Having regard to the fact that Mangat Singh (P.W.4) and
Hazara Singh (P.W.5) were closely related to the deceased we
have considered and assessed their evidence with more than
ordinary care and caution. Having done so we do not find any
reason for disbelieving them more particularly when nothing
could be elicited in cross-examination to discredit them. On
the contrary, we find, that the evidence of Mangat Singh
(P.W.4) stands fully corroborated by the First information
Report which was lodged by him within two hours of the
incident and contains the substratum of the entire
prosecution case. The next corroboration of the evidence of
P.W.4 and P.W.5 is furnished by the evidence of Dr. Jasbir
Singh (P.W.3) when he said that all the injuries found by
him on the person of the deceased could be caused by a sharp
edged weapon like a Kirpan or any other heavy weapon with
sharp edges. When the Kirpan (EX.P.1) seized during the
investigation was shown to him, the doctor opined that it
could cause the injuries found on the person of the
deceased.
Another circumstance, on which the prosecution relied
in support of its case was that the blood stained Kirpan
(EX.P.1) was discovered pursuant to the statement made by
the appellant to the effect that he has concealed it.
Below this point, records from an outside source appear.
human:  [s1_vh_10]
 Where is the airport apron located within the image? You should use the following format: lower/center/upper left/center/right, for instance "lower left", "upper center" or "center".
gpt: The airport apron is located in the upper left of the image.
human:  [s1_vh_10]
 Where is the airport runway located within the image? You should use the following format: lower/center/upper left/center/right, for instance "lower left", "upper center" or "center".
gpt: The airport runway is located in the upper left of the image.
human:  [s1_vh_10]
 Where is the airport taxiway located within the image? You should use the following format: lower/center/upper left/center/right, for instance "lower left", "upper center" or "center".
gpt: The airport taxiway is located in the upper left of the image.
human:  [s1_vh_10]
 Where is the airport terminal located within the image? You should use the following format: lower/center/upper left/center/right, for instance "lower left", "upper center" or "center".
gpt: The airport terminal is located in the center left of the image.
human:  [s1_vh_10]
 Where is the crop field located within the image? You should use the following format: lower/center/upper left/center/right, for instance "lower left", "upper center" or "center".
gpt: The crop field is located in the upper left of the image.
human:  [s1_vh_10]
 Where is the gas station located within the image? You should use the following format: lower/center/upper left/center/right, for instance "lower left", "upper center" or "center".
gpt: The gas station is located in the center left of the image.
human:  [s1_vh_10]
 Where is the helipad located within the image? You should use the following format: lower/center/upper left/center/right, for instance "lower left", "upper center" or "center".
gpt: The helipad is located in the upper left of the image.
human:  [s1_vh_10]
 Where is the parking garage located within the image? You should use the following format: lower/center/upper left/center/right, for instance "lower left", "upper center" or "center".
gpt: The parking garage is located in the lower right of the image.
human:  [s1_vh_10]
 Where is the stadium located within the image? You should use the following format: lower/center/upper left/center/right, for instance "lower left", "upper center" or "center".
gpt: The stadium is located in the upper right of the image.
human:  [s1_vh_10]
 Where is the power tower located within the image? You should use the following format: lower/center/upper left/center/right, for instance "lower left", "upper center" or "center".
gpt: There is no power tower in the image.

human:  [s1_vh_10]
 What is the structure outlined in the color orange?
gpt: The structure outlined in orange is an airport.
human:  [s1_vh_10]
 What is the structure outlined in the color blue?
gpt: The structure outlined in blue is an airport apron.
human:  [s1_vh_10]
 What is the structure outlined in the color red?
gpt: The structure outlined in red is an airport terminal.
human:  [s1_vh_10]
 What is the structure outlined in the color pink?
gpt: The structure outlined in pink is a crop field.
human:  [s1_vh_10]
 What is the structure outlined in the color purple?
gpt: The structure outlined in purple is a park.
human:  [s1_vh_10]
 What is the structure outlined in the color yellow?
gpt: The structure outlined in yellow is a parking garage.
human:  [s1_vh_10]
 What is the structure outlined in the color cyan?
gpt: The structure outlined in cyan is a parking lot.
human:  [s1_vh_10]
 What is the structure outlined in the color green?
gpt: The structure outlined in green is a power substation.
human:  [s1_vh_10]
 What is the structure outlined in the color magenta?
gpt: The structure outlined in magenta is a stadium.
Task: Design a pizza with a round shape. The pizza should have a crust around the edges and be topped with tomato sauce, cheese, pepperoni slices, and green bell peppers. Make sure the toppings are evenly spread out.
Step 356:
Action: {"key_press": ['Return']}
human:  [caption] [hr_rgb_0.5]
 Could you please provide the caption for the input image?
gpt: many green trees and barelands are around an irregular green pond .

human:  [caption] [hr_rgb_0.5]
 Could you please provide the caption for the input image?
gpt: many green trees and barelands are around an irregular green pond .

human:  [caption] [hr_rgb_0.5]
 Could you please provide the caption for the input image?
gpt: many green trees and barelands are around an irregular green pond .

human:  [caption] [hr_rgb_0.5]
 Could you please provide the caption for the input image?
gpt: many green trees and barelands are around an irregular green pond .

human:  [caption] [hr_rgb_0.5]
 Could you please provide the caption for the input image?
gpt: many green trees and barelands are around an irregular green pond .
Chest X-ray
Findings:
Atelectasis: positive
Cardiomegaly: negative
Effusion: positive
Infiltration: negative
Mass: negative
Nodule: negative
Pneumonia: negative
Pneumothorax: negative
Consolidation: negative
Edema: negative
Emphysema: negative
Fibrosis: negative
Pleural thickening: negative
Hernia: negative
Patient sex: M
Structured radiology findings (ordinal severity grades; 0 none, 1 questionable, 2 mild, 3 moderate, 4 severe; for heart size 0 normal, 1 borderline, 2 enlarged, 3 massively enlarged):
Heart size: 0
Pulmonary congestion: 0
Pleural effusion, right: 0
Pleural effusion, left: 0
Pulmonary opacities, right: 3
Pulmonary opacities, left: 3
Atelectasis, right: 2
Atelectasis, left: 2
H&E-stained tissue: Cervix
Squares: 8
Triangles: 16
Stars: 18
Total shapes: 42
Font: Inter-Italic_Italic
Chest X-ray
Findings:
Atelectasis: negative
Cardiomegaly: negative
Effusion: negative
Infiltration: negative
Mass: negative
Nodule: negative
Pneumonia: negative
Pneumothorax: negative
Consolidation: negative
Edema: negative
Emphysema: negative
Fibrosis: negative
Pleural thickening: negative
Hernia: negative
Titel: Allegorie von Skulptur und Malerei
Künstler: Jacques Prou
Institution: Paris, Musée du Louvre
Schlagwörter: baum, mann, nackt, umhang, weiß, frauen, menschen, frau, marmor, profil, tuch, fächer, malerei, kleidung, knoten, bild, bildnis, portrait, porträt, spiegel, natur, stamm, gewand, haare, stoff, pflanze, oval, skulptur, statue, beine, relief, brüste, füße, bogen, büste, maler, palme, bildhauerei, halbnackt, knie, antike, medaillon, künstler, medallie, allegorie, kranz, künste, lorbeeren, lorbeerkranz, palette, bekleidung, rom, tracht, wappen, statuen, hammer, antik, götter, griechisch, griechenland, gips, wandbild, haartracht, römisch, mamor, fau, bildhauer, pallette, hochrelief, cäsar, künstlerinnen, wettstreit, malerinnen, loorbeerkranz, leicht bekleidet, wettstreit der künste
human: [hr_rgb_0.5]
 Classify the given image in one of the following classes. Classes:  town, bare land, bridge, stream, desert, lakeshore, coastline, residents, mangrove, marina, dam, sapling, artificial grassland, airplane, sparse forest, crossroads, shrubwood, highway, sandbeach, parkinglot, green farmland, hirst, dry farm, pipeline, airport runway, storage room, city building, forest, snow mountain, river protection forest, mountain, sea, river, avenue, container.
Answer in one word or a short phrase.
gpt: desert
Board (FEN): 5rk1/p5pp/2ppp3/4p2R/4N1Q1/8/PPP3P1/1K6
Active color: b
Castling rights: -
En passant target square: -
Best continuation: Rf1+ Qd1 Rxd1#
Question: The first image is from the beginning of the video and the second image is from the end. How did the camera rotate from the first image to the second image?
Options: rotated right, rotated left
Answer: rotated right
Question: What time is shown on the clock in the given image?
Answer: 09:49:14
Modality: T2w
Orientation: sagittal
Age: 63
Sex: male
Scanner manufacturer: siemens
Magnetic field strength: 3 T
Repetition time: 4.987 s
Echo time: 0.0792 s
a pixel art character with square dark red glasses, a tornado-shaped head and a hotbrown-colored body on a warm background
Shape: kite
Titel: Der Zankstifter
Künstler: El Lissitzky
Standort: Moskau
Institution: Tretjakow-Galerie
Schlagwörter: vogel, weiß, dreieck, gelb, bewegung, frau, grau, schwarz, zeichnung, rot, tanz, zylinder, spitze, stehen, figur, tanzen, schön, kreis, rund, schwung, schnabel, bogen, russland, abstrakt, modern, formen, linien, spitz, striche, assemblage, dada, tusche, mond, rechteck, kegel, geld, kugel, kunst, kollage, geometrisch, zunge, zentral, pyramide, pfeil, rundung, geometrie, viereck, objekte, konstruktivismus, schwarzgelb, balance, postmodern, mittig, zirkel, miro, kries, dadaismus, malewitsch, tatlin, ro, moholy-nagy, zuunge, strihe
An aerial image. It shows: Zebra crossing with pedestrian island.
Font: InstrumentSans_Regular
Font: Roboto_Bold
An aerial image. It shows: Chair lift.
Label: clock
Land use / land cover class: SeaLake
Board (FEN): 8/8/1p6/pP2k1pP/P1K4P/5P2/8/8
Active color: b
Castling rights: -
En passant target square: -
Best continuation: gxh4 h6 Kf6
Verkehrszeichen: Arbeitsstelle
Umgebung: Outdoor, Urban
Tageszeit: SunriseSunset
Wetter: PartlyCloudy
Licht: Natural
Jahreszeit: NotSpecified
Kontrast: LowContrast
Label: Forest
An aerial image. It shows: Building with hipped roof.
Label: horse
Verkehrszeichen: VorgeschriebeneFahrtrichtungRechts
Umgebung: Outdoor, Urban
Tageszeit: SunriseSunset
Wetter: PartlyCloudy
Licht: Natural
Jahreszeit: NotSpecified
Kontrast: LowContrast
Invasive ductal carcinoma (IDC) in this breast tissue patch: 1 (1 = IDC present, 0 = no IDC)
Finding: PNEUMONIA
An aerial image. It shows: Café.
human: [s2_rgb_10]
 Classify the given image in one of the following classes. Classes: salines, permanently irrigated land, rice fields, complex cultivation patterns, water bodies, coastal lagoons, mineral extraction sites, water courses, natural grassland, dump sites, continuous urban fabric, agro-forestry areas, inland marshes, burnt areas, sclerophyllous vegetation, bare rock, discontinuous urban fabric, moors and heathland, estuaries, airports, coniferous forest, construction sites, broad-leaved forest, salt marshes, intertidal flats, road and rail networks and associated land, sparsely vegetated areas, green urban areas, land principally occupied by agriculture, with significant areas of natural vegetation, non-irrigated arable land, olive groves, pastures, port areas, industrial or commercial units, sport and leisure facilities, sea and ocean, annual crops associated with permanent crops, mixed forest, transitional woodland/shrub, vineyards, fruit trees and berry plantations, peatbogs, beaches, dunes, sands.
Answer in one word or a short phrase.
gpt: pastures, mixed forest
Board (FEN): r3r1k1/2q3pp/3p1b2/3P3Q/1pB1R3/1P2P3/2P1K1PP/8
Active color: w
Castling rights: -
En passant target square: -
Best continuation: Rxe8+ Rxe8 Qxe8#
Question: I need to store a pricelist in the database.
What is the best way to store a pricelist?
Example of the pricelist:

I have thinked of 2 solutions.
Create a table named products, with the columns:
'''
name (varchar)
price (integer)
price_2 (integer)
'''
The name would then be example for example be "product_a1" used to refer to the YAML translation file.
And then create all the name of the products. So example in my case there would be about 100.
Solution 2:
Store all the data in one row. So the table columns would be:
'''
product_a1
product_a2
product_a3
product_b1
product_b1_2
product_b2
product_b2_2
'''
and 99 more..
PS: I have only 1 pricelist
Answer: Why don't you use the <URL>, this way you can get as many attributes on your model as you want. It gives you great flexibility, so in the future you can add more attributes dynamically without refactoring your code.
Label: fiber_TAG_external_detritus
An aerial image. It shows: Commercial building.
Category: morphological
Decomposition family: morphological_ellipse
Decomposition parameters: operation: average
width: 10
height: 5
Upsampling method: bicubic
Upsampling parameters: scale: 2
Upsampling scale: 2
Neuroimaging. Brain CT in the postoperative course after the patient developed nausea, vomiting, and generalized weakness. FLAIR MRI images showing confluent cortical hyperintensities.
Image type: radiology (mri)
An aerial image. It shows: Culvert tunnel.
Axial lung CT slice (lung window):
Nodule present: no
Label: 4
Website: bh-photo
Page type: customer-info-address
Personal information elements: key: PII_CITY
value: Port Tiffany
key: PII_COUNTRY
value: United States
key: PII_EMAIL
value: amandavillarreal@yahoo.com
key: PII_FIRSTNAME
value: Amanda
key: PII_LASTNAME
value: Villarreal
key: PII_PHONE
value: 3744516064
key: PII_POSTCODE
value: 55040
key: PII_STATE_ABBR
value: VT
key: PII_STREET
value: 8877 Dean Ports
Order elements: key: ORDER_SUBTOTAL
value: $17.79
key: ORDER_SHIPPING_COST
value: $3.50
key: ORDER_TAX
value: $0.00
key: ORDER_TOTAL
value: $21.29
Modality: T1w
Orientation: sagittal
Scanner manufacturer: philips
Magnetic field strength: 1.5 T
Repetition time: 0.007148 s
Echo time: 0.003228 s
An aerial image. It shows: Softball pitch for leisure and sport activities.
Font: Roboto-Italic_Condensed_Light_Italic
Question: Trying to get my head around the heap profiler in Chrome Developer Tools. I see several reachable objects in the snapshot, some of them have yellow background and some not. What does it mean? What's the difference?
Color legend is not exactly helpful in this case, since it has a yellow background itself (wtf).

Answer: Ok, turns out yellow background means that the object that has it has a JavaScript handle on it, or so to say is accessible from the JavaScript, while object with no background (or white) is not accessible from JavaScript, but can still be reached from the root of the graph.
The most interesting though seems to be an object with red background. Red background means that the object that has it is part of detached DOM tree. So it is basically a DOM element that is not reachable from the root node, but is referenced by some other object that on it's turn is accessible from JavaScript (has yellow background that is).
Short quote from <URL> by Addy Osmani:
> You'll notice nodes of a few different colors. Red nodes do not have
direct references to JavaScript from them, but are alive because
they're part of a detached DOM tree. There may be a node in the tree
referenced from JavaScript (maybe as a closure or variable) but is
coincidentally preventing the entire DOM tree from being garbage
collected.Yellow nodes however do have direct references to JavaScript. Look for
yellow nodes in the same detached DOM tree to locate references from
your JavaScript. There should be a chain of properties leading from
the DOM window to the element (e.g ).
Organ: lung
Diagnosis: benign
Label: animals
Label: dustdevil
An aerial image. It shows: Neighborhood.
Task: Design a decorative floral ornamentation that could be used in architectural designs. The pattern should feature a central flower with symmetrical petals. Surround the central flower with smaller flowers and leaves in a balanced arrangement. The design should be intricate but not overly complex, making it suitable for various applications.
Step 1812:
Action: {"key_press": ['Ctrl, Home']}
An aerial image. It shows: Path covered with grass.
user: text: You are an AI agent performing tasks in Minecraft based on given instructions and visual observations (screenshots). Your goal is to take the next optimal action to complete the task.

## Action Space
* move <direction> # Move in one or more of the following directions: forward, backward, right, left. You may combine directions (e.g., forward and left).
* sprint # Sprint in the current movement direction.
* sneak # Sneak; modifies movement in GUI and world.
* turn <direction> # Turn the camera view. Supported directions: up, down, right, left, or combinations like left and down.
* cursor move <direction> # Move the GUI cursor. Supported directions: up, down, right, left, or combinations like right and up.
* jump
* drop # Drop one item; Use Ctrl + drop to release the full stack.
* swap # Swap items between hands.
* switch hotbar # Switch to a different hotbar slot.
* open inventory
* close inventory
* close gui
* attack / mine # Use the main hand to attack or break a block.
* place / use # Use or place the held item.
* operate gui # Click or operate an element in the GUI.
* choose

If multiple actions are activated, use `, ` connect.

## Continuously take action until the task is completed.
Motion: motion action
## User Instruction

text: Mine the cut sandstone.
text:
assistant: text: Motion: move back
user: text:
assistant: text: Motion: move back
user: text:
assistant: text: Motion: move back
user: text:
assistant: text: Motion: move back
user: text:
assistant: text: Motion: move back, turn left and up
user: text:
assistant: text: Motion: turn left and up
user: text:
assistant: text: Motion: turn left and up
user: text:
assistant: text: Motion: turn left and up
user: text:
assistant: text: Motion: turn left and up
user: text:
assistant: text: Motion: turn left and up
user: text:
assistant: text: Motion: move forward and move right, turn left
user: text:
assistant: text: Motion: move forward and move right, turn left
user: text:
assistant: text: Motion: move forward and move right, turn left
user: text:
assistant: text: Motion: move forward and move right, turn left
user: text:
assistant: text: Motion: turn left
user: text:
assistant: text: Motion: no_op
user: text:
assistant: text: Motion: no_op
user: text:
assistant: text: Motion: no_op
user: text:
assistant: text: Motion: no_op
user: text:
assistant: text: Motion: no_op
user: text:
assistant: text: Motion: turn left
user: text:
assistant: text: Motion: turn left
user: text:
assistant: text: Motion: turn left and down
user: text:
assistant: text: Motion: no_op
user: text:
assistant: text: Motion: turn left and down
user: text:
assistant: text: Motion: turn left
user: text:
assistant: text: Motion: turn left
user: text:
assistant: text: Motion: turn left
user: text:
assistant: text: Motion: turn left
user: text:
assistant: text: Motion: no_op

We
have carefully considered the evidence adduced by the
prosecution in this regard, particularly that of P.W.7. and
have found the same convincing and reliable. Coupled with
the above evidence is the report of the Serologist which
shows that human blood was found on the Kirpan.
The evidence of P.W.4 and P.W.5 that after the
appellant fled away his turban, shoes and bicycle were found
there gets support from the seizure of these articles from
the spot by P.W.7. From the chemical analysis report we
further get that human blood was found on the turban but the
origin of the blood found on the shoes could not be
determined as it was disintegrated. It was however,
contended on behalf of the appellant that the story of the
prosecution that the appellant left behind his turban, shoes
and bicycle was a purely concocted one for it was absurd to
believe that the appellant would leave behind those articles
to implicate himself. According to the learned counsel for
the appellant, if the incident took place in the manner
alleged by the prosecution the appellant would have
certainly fled away on the bicycle - rather than on foot -
to ensure a speedier escape. We are not at all impressed by
this contention. Considering the manner in which the
appellant gave repeated blows upon the deceased and the
resistence the latter but by trying to ward off the blows -
which is evident from the fact that both his hands were
chopped off - the droping down of the turban was not
unlikely. As regards the shoes and the bicycle, the
appellant had left those behind obviously because he made
the wheat fields his escape route: and the best and
convenient way to make good an escape through such a route
would be to run barefooted.
It was also contended on behalf of the appellant that
the learned court below should not have discarded the
evidence of Smt. Inder Kaur (D.W.1) who fully supported the
appellant s version and accepted that of her brother P.W.4
as relationshipwise they stood on the same footing. To
appreciate this contention we have carefully considered her
evidence as also the reasons which weighed with the trial
Court in disbelieving her. The trial Court observed that if
http://JUDIS.NIC.IN SUPREME COURT OF INDIA Page 4 of 4
the appellant had been cultivating the lands of Mehar Singh
all along, as testified by her, the appellant’s name must
have been appearing as the cultivator in the record of
rights and that document would have been the best evidence.
The trial Court further observed that according to her
evidence the police had gone to the village at 6 or 7 A.M.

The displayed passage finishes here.